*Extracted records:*
- - - - - - -

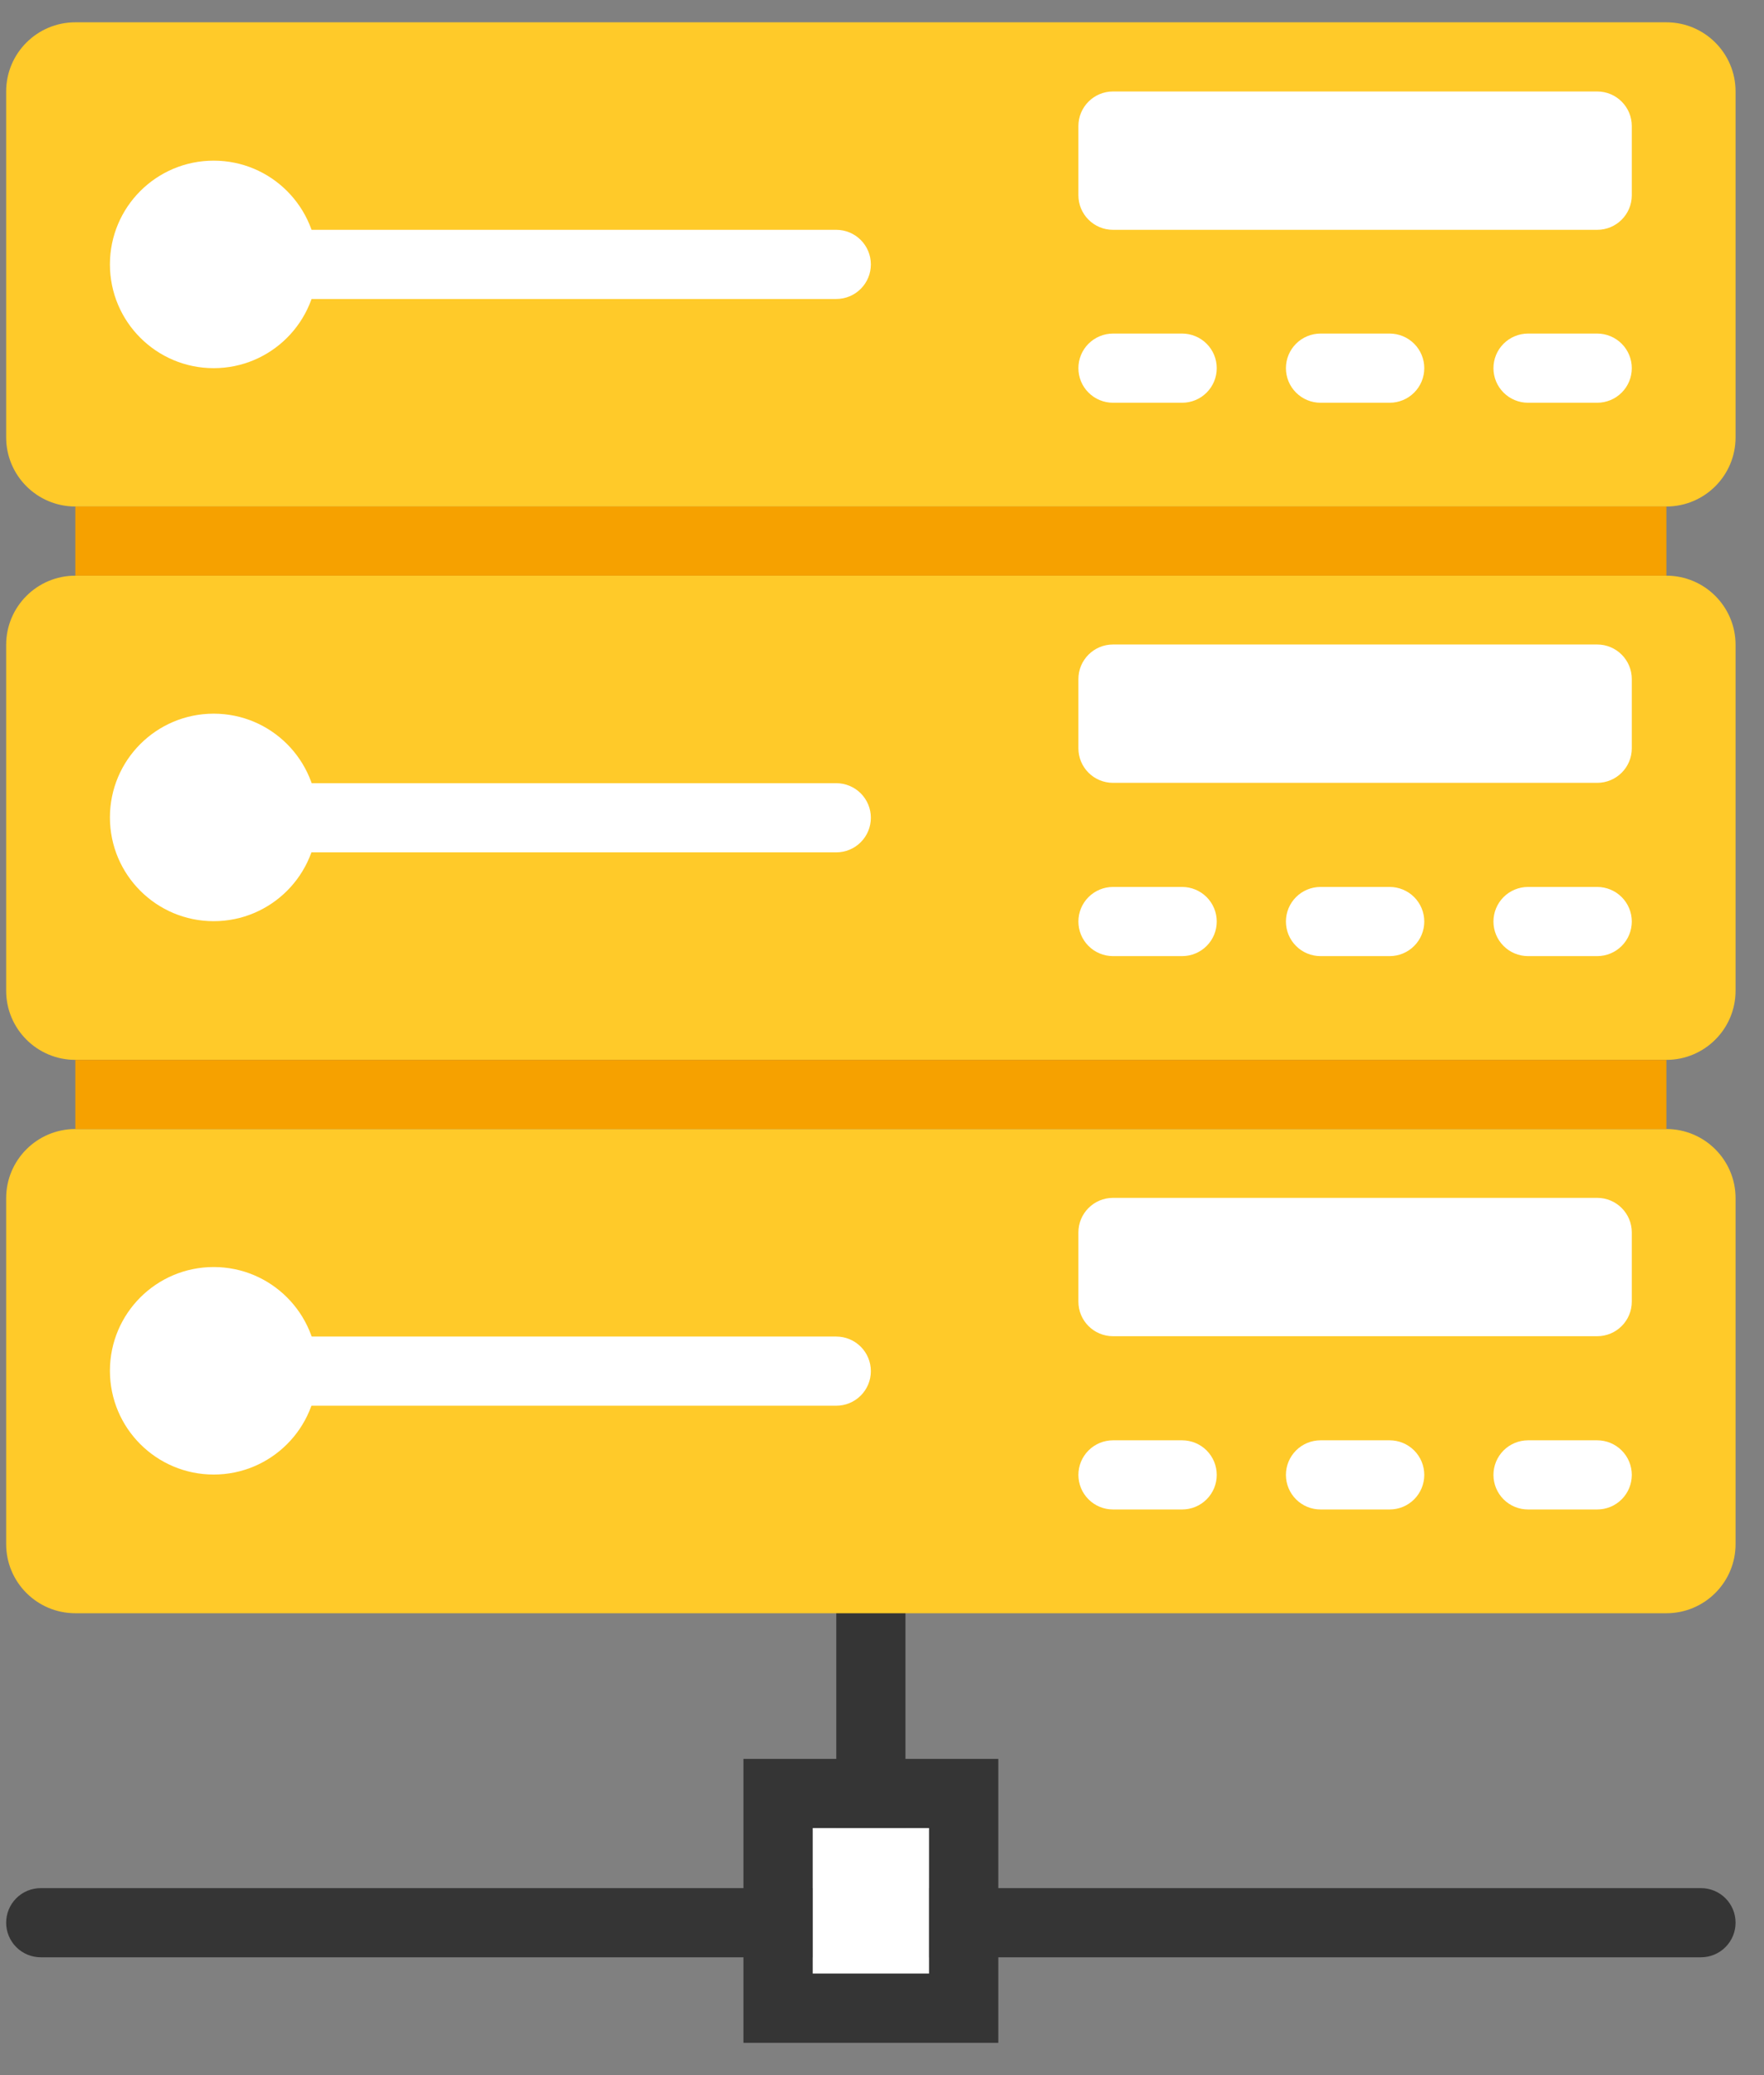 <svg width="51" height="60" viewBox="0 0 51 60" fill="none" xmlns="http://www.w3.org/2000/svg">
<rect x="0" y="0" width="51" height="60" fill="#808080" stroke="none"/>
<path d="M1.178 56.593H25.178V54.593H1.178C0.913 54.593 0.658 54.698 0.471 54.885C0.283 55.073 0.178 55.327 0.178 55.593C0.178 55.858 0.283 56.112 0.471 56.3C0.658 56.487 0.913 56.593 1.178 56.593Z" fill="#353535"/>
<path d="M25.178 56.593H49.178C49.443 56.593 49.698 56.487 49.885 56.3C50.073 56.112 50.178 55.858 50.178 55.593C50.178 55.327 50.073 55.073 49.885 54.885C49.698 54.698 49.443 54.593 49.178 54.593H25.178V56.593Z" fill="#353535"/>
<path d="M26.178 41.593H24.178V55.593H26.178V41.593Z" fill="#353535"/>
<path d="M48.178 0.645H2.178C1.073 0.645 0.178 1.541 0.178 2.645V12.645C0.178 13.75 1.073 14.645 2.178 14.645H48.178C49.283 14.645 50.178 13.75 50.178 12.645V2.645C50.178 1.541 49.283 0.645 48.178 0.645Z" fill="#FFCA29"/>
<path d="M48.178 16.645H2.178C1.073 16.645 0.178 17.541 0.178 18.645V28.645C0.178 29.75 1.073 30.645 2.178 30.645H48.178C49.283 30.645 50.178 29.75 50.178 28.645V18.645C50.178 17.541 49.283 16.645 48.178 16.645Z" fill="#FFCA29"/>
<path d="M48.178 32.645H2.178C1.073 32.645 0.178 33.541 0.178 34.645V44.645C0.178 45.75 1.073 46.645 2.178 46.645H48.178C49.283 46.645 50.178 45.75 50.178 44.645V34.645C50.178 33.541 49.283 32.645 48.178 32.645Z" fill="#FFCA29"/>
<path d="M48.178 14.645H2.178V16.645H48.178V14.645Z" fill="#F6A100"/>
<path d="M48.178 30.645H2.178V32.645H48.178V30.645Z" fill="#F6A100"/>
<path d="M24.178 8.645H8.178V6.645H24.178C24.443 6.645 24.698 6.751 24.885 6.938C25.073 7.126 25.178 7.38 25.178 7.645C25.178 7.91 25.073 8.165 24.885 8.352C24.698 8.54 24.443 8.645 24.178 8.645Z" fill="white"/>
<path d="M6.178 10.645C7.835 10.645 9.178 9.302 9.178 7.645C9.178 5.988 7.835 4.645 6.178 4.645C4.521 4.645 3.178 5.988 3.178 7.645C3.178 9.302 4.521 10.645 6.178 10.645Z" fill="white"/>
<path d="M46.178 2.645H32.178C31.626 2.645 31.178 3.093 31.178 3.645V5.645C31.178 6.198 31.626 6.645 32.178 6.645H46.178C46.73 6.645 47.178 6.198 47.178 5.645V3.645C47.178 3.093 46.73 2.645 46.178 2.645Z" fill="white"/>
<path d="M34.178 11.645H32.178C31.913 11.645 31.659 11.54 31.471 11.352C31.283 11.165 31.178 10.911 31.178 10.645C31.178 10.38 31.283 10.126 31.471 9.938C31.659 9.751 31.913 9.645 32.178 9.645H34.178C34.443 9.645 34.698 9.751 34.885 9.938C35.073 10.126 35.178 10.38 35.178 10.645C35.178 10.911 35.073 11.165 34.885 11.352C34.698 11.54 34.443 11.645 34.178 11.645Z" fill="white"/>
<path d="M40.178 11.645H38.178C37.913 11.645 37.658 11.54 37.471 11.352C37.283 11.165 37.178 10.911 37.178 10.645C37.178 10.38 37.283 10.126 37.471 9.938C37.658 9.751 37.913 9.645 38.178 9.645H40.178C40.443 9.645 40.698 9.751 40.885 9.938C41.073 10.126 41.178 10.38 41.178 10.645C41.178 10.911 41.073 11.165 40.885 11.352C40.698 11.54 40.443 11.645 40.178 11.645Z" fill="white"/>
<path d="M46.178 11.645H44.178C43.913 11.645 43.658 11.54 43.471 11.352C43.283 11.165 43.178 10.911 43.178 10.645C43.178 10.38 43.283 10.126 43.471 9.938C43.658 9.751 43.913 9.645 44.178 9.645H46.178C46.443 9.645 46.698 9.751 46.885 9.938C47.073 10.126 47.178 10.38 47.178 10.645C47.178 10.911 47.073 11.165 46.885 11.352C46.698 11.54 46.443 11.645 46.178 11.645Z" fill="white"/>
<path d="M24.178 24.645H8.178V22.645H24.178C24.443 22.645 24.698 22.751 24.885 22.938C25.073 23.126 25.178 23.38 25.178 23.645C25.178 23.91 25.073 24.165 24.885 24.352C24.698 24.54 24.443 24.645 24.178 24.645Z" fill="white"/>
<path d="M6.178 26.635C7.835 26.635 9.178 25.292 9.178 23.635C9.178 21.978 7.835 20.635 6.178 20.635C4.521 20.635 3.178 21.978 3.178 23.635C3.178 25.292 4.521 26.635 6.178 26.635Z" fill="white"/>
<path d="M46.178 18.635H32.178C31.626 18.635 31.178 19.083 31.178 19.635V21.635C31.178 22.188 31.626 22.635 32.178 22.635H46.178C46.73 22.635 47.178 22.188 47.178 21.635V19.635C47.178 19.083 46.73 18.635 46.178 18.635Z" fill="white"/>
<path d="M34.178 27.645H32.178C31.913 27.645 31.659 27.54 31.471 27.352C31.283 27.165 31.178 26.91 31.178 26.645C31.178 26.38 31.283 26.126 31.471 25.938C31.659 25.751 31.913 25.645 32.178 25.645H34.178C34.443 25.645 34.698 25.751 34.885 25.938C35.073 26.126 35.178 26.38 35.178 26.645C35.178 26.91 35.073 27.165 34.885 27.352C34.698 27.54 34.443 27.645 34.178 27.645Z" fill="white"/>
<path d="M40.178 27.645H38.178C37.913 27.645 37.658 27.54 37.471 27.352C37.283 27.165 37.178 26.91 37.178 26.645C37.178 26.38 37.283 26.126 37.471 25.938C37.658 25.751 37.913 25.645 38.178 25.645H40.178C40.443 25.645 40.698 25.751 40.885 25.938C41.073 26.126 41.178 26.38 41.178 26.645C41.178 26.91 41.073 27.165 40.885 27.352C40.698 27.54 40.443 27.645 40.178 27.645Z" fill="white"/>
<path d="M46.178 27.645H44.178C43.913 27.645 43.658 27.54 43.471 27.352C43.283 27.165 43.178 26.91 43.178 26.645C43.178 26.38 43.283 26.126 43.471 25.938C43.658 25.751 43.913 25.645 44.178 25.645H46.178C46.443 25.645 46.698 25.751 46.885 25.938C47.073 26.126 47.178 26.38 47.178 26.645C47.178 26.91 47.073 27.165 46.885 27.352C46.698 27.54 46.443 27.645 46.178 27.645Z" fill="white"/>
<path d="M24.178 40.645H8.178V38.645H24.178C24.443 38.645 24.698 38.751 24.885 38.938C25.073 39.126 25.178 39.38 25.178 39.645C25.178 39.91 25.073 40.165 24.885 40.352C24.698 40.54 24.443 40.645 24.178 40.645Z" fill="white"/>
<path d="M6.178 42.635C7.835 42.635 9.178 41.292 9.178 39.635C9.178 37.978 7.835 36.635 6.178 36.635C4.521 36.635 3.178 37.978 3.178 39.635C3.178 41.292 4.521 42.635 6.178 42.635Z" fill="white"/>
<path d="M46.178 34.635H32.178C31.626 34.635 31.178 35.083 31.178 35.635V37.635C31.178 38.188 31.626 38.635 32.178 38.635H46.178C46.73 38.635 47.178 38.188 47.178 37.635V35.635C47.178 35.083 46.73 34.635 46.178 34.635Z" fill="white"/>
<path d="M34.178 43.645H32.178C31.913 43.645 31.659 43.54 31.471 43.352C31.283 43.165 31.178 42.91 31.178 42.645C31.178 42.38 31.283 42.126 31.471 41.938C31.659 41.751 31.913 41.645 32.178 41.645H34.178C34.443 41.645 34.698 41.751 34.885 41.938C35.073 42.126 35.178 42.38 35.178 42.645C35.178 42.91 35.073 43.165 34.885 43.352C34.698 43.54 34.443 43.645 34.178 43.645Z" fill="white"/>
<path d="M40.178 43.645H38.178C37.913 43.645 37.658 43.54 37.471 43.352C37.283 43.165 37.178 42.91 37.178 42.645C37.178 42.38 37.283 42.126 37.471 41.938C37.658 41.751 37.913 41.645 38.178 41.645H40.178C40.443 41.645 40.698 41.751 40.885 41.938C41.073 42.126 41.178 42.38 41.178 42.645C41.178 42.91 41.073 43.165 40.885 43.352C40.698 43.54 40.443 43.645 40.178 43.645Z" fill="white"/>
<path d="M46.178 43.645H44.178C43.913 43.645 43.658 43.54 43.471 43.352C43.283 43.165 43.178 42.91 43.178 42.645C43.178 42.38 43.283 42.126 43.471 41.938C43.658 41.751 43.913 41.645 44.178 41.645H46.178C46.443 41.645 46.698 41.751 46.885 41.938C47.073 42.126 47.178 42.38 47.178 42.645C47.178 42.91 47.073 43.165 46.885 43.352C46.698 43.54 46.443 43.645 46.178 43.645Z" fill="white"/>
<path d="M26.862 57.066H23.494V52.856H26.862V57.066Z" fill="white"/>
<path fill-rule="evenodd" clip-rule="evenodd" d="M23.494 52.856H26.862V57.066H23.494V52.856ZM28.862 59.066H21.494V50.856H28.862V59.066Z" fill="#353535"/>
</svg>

- - - - - - -

*WHAT NEEDS TO BE DONE:* The exact lines from the beginning of the data through the one that contains "2.645H32.178C31.626 2.645 31.178" must be given again, both ends included, and pictures must be left out.

*REPLY TO THE TASK:*
 <svg width="51" height="60" viewBox="0 0 51 60" fill="none" xmlns="http://www.w3.org/2000/svg">
<rect x="0" y="0" width="51" height="60" fill="#808080" stroke="none"/>
<path d="M1.178 56.593H25.178V54.593H1.178C0.913 54.593 0.658 54.698 0.471 54.885C0.283 55.073 0.178 55.327 0.178 55.593C0.178 55.858 0.283 56.112 0.471 56.3C0.658 56.487 0.913 56.593 1.178 56.593Z" fill="#353535"/>
<path d="M25.178 56.593H49.178C49.443 56.593 49.698 56.487 49.885 56.3C50.073 56.112 50.178 55.858 50.178 55.593C50.178 55.327 50.073 55.073 49.885 54.885C49.698 54.698 49.443 54.593 49.178 54.593H25.178V56.593Z" fill="#353535"/>
<path d="M26.178 41.593H24.178V55.593H26.178V41.593Z" fill="#353535"/>
<path d="M48.178 0.645H2.178C1.073 0.645 0.178 1.541 0.178 2.645V12.645C0.178 13.75 1.073 14.645 2.178 14.645H48.178C49.283 14.645 50.178 13.75 50.178 12.645V2.645C50.178 1.541 49.283 0.645 48.178 0.645Z" fill="#FFCA29"/>
<path d="M48.178 16.645H2.178C1.073 16.645 0.178 17.541 0.178 18.645V28.645C0.178 29.75 1.073 30.645 2.178 30.645H48.178C49.283 30.645 50.178 29.75 50.178 28.645V18.645C50.178 17.541 49.283 16.645 48.178 16.645Z" fill="#FFCA29"/>
<path d="M48.178 32.645H2.178C1.073 32.645 0.178 33.541 0.178 34.645V44.645C0.178 45.75 1.073 46.645 2.178 46.645H48.178C49.283 46.645 50.178 45.75 50.178 44.645V34.645C50.178 33.541 49.283 32.645 48.178 32.645Z" fill="#FFCA29"/>
<path d="M48.178 14.645H2.178V16.645H48.178V14.645Z" fill="#F6A100"/>
<path d="M48.178 30.645H2.178V32.645H48.178V30.645Z" fill="#F6A100"/>
<path d="M24.178 8.645H8.178V6.645H24.178C24.443 6.645 24.698 6.751 24.885 6.938C25.073 7.126 25.178 7.38 25.178 7.645C25.178 7.91 25.073 8.165 24.885 8.352C24.698 8.54 24.443 8.645 24.178 8.645Z" fill="white"/>
<path d="M6.178 10.645C7.835 10.645 9.178 9.302 9.178 7.645C9.178 5.988 7.835 4.645 6.178 4.645C4.521 4.645 3.178 5.988 3.178 7.645C3.178 9.302 4.521 10.645 6.178 10.645Z" fill="white"/>
<path d="M46.178 2.645H32.178C31.626 2.645 31.178 3.093 31.178 3.645V5.645C31.178 6.198 31.626 6.645 32.178 6.645H46.178C46.73 6.645 47.178 6.198 47.178 5.645V3.645C47.178 3.093 46.73 2.645 46.178 2.645Z" fill="white"/>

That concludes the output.